─── Data shown ───

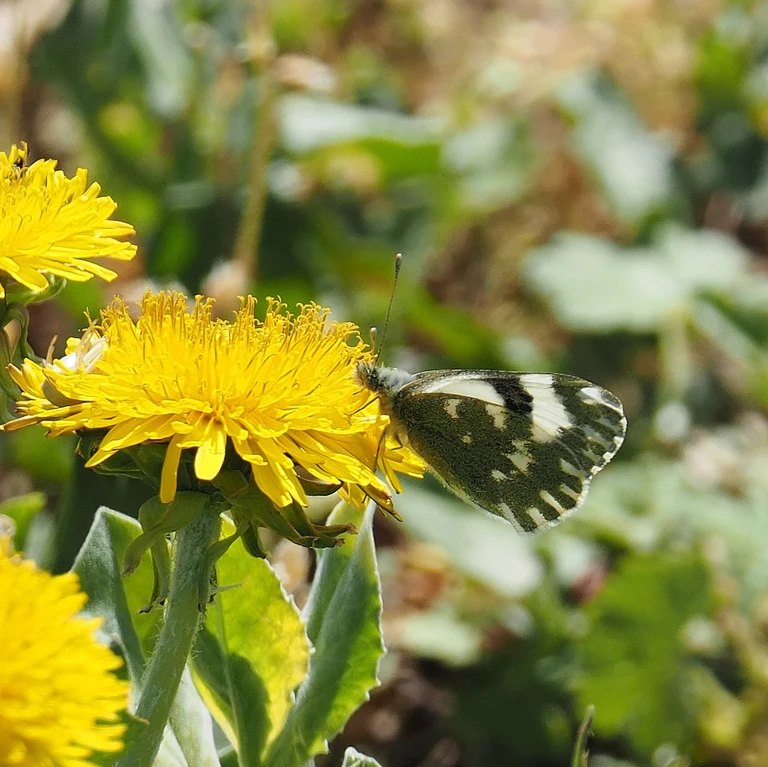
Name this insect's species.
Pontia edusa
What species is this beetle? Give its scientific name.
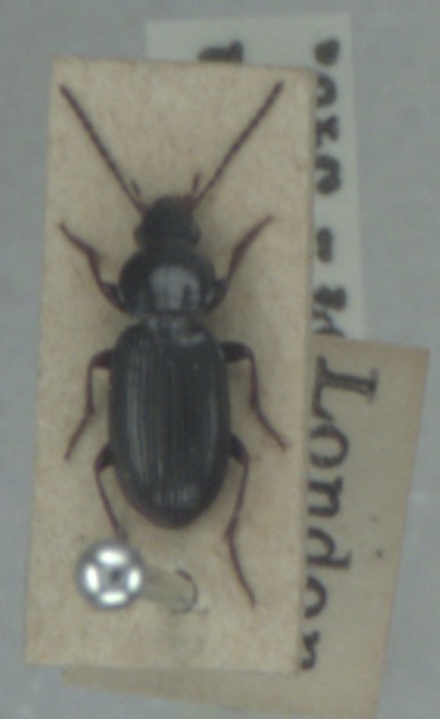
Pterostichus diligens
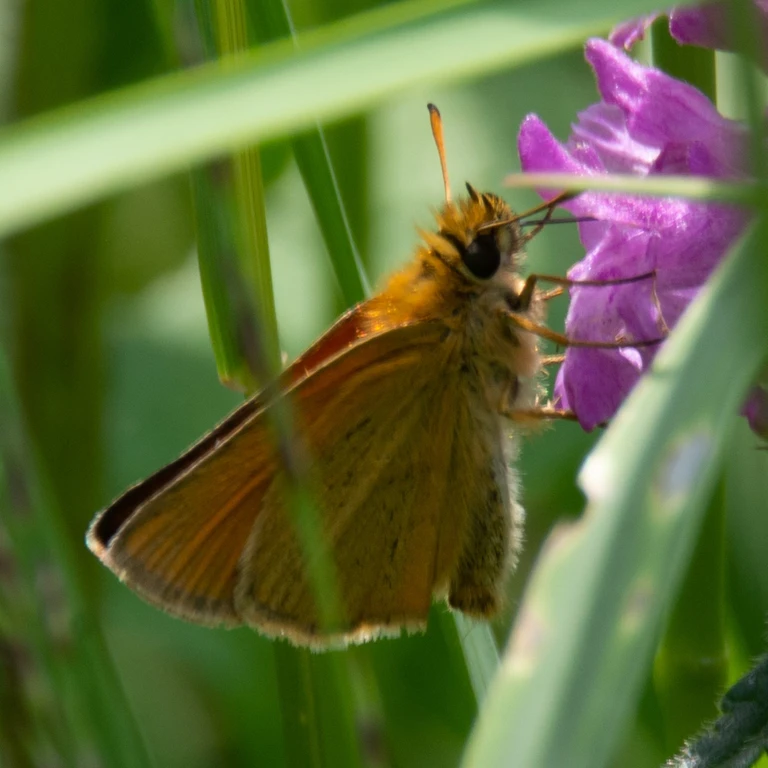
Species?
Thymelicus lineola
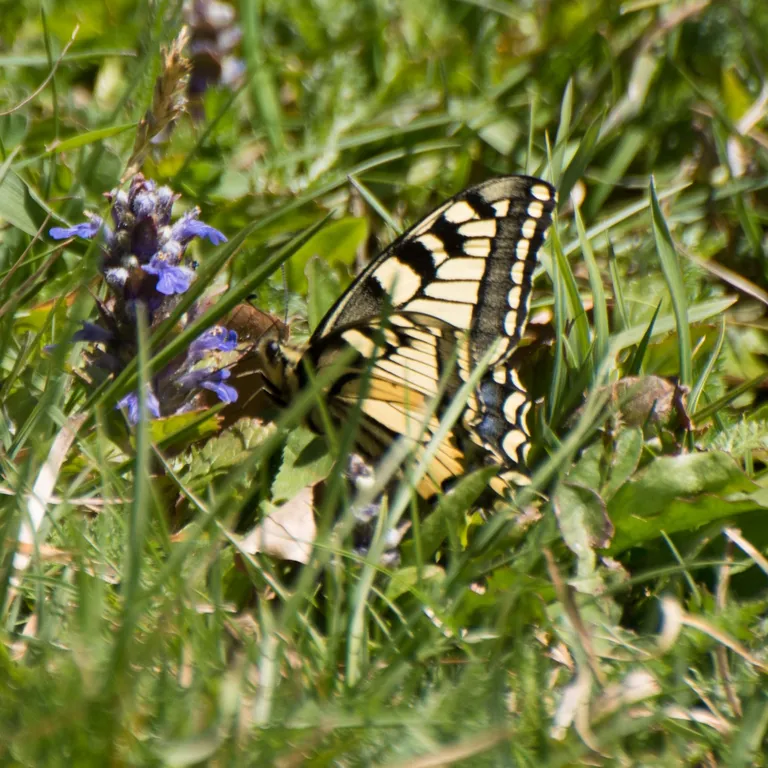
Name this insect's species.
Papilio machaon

───

Pictures stay out; everything else in the listing above gets repeated exactly.

# Exercise solution
Name this insect's species.
Pontia edusa
What species is this beetle? Give its scientific name.
Pterostichus diligens
Species?
Thymelicus lineola
Name this insect's species.
Papilio machaon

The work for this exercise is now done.